THE PEOPLE OF THE STATE OF ILLINOIS, PLAINTIFF-APPELLEE

v.

CHARLES O. BERRY, DEFENDANT-APPELLANT.



APPEAL from the Circuit Court of Rock Island County; the Hon. JOHN L. POOLE, Judge, presiding.

MR. PRESIDING JUSTICE ALLOY DELIVERED THE OPINION OF THE COURT:

Defendant Charles O. Berry was indicted (in separate counts) for the attempted murders of Charles McSparin, Larry Ridgeway, and Michael McGrath; with the kidnapping of Robert Pannell; with the robbery of a gun from McSparin; with the attempted armed robbery of Ridgeway; with the theft of a police squad car belonging to Rock Island County; and with criminal damage to property, i.e. the squad car. The defendant pleaded guilty to each of the charges, and was sentenced to terms of imprisonment as follows: (1) From five to fifteen years on each of the three counts of attempted murder; (2) From one to five years for kidnapping; (3) From one to ten years for robbery; (4) From two to ten years for attempted armed robbery; (5) From one to ten years for theft; and (6) Six months in the county jail for criminal damage to property. All of such sentences were designated to run concurrently.

On appeal in this Court, defendant contends that it was improper for the trial court to convict and sentence him for robbery, theft, attempted armed robbery, and criminal damage to property and that such convictions or sentence should be reversed because they are for lesser offenses arising from the same transaction, since defendant has been convicted and sentenced for the greater offense of attempted murder.
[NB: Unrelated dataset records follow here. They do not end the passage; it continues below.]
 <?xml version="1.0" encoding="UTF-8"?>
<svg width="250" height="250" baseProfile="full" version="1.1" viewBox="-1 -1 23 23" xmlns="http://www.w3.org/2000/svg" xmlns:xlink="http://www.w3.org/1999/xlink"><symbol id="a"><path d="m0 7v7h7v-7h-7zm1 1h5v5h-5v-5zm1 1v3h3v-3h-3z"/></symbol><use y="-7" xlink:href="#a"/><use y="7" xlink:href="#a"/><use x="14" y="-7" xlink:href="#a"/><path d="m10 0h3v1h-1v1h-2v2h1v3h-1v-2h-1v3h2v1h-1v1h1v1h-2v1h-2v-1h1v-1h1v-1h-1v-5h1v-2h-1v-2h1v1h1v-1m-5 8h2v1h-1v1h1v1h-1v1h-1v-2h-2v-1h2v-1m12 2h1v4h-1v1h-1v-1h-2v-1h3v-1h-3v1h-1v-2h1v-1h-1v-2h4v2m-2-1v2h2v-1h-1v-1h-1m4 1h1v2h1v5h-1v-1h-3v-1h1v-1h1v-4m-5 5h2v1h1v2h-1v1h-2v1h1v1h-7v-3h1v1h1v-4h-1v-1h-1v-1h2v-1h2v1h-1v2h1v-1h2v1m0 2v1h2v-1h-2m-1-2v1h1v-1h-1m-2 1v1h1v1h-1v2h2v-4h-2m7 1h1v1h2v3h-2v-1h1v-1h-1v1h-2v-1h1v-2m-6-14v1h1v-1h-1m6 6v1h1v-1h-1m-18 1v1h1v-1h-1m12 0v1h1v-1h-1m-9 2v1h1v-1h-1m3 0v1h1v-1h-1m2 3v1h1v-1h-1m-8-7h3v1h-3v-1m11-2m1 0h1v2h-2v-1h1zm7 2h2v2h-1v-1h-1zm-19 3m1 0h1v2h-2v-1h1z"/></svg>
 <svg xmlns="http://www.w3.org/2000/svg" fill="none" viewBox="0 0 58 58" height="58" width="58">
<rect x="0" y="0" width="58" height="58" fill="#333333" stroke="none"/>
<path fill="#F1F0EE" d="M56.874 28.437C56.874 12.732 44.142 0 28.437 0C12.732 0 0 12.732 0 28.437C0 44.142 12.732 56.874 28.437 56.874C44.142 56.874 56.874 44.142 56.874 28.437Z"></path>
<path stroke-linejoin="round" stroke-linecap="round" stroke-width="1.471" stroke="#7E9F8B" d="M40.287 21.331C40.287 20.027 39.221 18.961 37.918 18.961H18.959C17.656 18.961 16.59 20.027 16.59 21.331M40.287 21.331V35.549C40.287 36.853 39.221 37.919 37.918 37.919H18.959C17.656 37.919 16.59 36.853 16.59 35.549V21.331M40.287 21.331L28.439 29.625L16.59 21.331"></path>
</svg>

The facts as disclosed by the record made by the prosecutor and defense counsel prior to sentencing, indicate that defendant, on October 12, 1969, left him home in an inebriated and angry condition after a disagreement with his wife. He was next noted at a gasoline station near the outskirts of the City of Moline where he became involved in an "altercation" with Ridgeway, the station attendant, and "attempted to take funds". While this was occurring, McSparin, a deputy sheriff, arrived at the station and in a scuffle between the deputy and defendant, defendant obtained the deputy's gun. After he had done so, defendant fired two shots, one at the deputy and one at Ridgeway, both of which missed. Defendant got into the deputy's squad car and drove it away. A short time later, defendant drove the car onto a highway median strip, where it became stuck and damaged. When McGrath, a passing motorist, stopped to see if he could be of assistance, defendant shot him in the neck. Thereafter, defendant stopped another automobile being driven by Pannell, and, after ordering the other people out of the vehicle, forced Pannell at gunpoint to drive to the Police Station in Milan, Illinois. According to the record, defendant intended to obtain ammunition for the gun which he had taken from the deputy. When defendant arrived at the Milan station he was subdued and placed under arrest by police authorities who had converged on the area.

Defendant asserts that in People v. Stewart, 45 Ill.2d 310, and in People v. Whittington, 46 Ill.2d 405, paragraph (m) of Section 1-7 of the Criminal Code of 1961 (Ill. Rev. Stat. 1969, ch. 38, par. 1-7(m)), was construed as prohibiting sentences, even though concurrent, for lesser offenses which occurred as part of the same transaction in which a greater offense is involved upon which there is a conviction and sentence. Defendant contends that it was improper to convict and sentence defendant for crimes of robbery, attempted robbery, theft, and criminal damage to property, on the basis that these were all "part of defendant's resistance to and flight from arrest". Defendant contends that, as a consequence, only his covictions and sentences for attempted murder, the most serious of the offenses, were proper. The State has confessed in this Court that it was error to convict and sentence defendant on the charge of criminal damage to property, and we agree.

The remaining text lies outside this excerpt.